# Murray Eliminator Identification



## GaspCamp (Oct 12, 2020)

Need help identifying the year on this Murray Eliminator and also decoding  the serial number.  Any help would be greatly appreciated.

Thank you


----------



## kostnerave (Oct 12, 2020)

Hi, Someone may be able to help you out in the Schwinn Stingray/ Muscle Bike forum listed here.


----------



## GaspCamp (Oct 12, 2020)

kostnerave said:


> Hi, Someone may be able to help you out in the Schwinn Stingray/ Muscle Bike forum listed here.



Hello and Thank you


----------



## Rivnut (Oct 13, 2020)

Knock yourself out.  Don't just glance through this hoping for a quick answer, read the whole thread to see where everything fits.

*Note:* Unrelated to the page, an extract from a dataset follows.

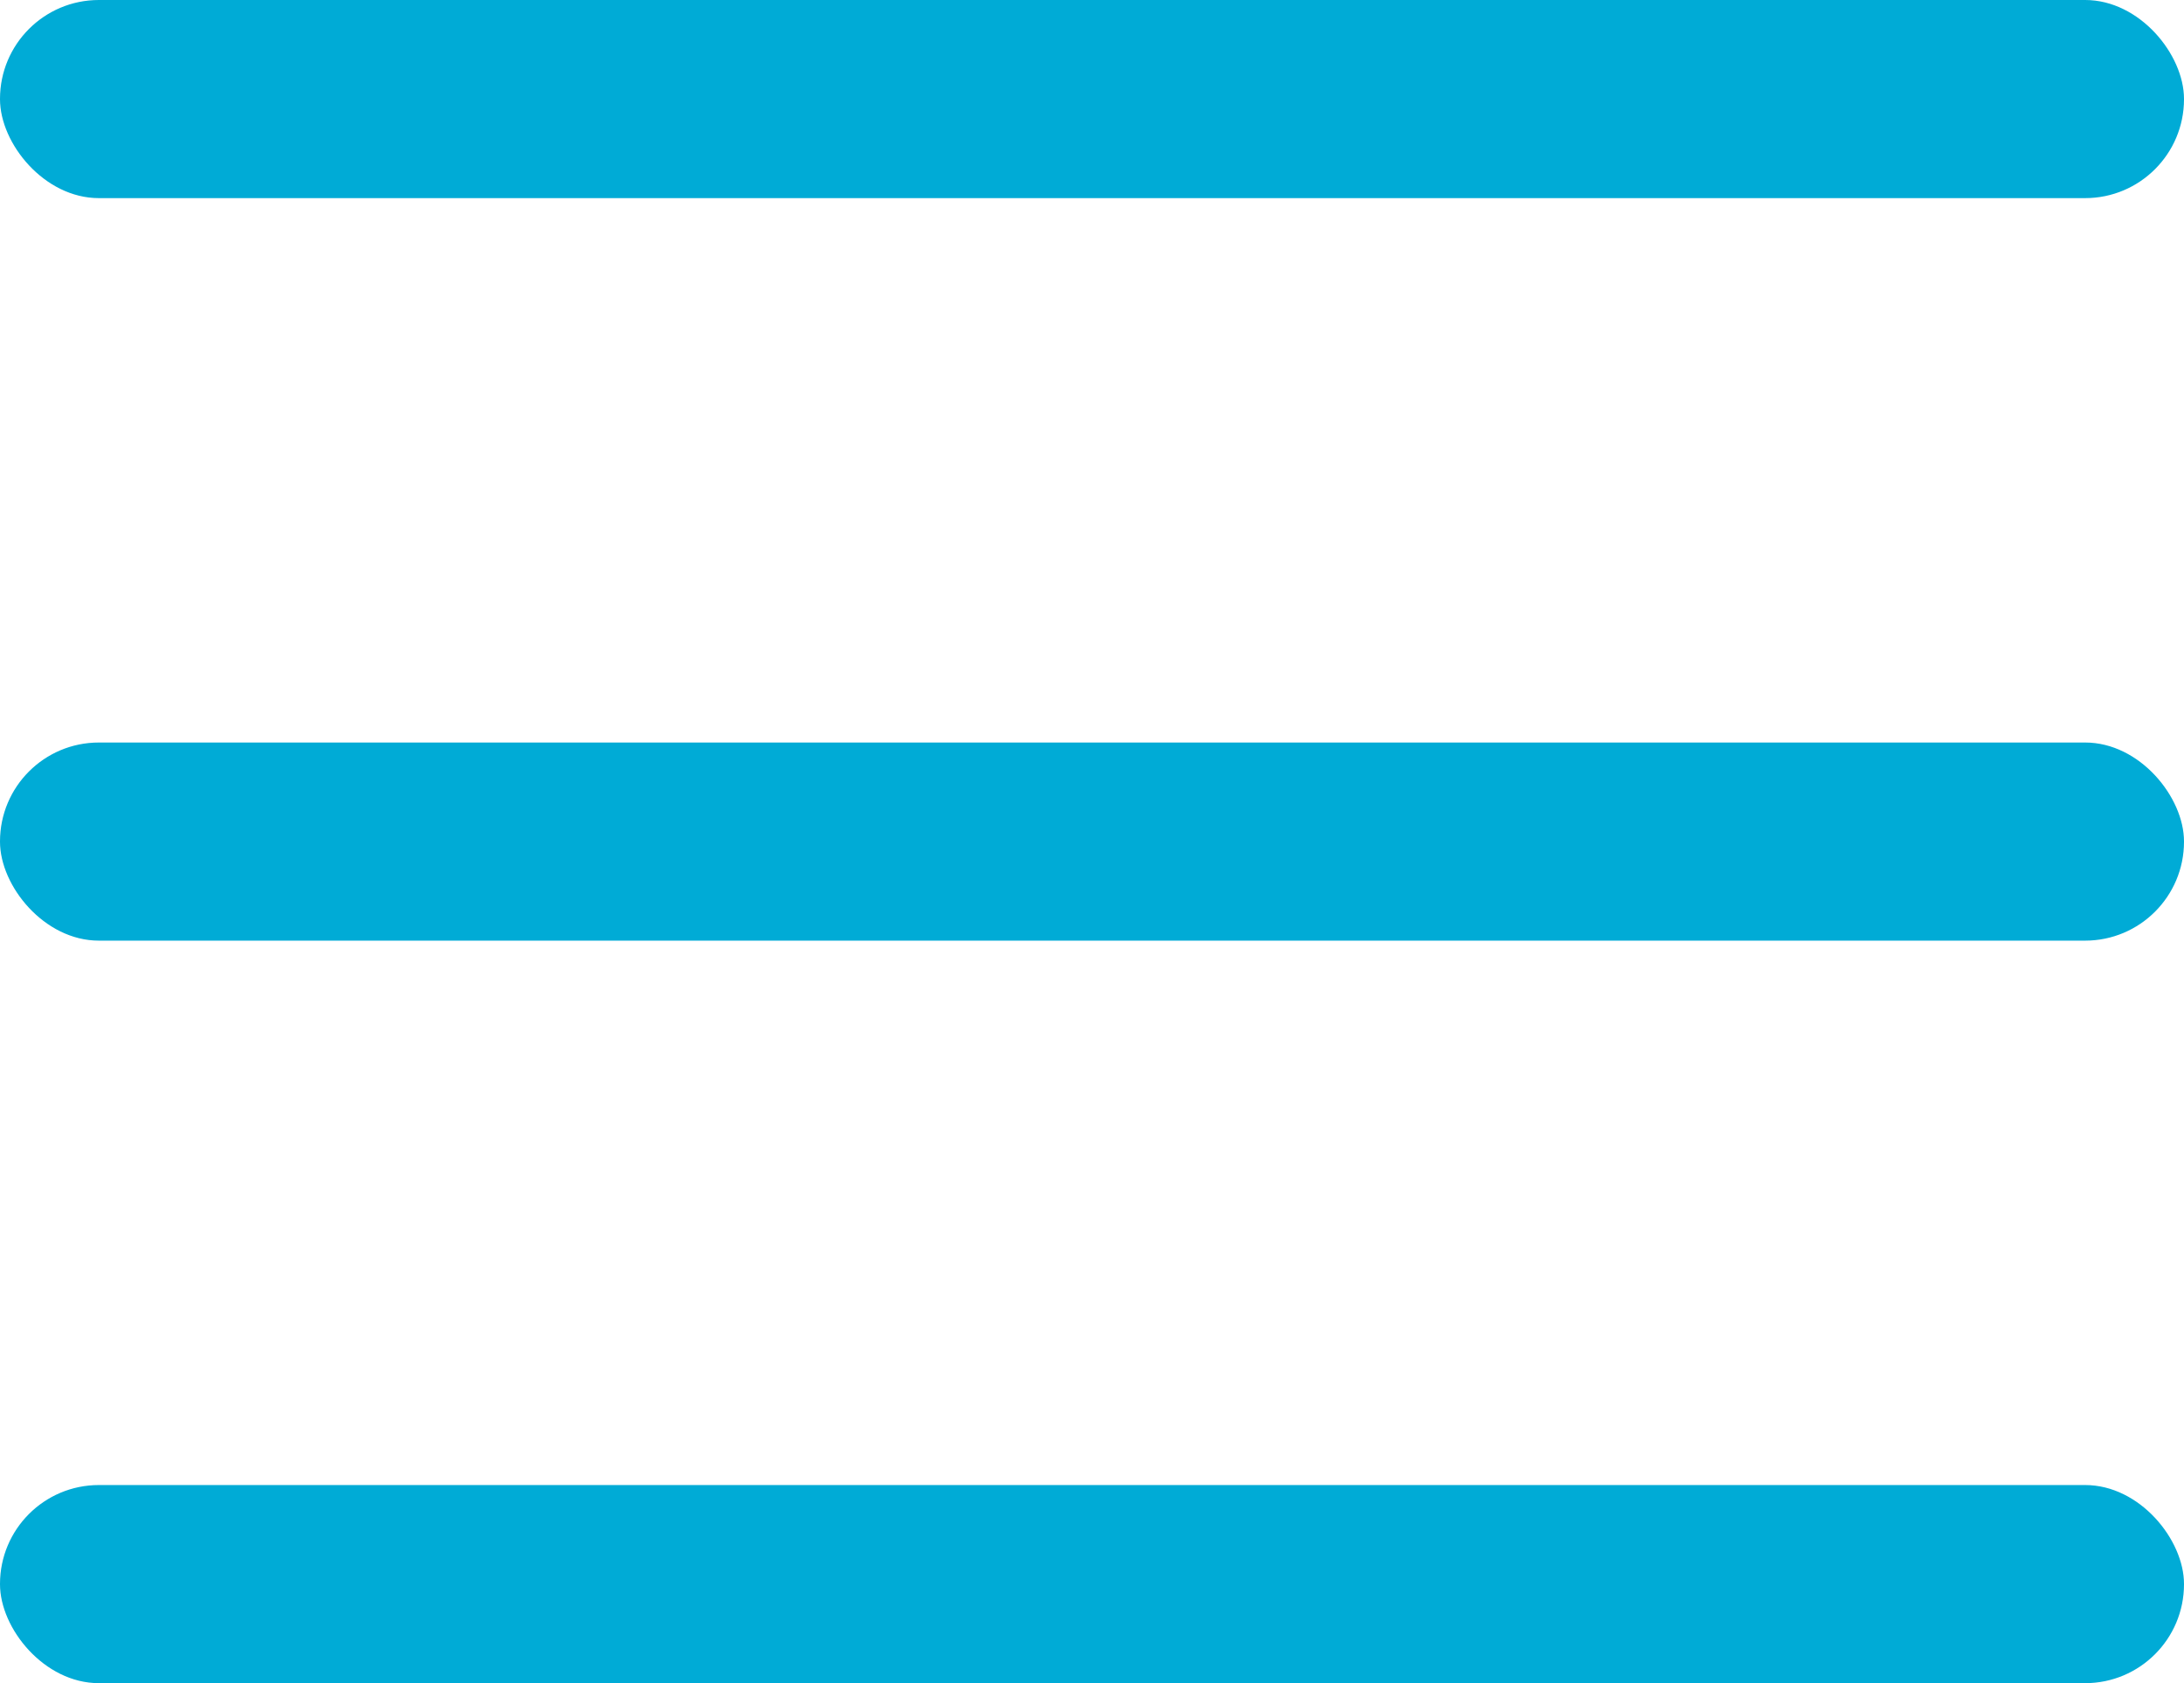 <svg xmlns="http://www.w3.org/2000/svg" viewBox="0 0 62.52 48.17"><defs><style>.cls-1{fill:#00abd6;}</style></defs><g id="Layer_2" data-name="Layer 2"><g id="Layer_1-2" data-name="Layer 1"><rect class="cls-1" y="42.5" width="62.52" height="5.67" rx="2.83"/><rect class="cls-1" y="21.25" width="62.52" height="5.67" rx="2.83"/><rect class="cls-1" width="62.52" height="5.67" rx="2.83"/></g></g></svg>

						Murray serial number project. | Classic Balloon Tire Bicycles 1933-1965
					

Needed to do this for a while, so here is what I have figured out so far. There has been many people along the way that has contributed and a few that has helped set me straight. hahaah.   I don't know how far back this goes , but I know that Murray used a single letter to represent the year...




					thecabe.com


----------



## GaspCamp (Oct 13, 2020)

Rivnut said:


> Knock yourself out.  Don't just glance through this hoping for a quick answer, read the whole thread to see where everything fits.
> 
> 
> 
> ...



I actually did look at that information and it seems to me that by the serial number it is a 65 Murray but was hoping to get other information about the model number. I know I saw someone post part of a catalog where it shows the model numbers, but can’t seem to find it anywhere anymore.

Thank you for your help


----------



## Rivnut (Oct 13, 2020)

You're probably thinking about the Elgin/JC Higging/ Sears, Hawthorne book that is a collection of catalog pages. In that book, you can compare the serial number to the model number in the  catalog.


----------



## GaspCamp (Oct 14, 2020)

Rivnut said:


> You're probably thinking about the Elgin/JC Higging/ Sears, Hawthorne book that is a collection of catalog pages. In that book, you can compare the serial number to the model number in the  catalog.



Thank you , for the information, I’ll look for it.


----------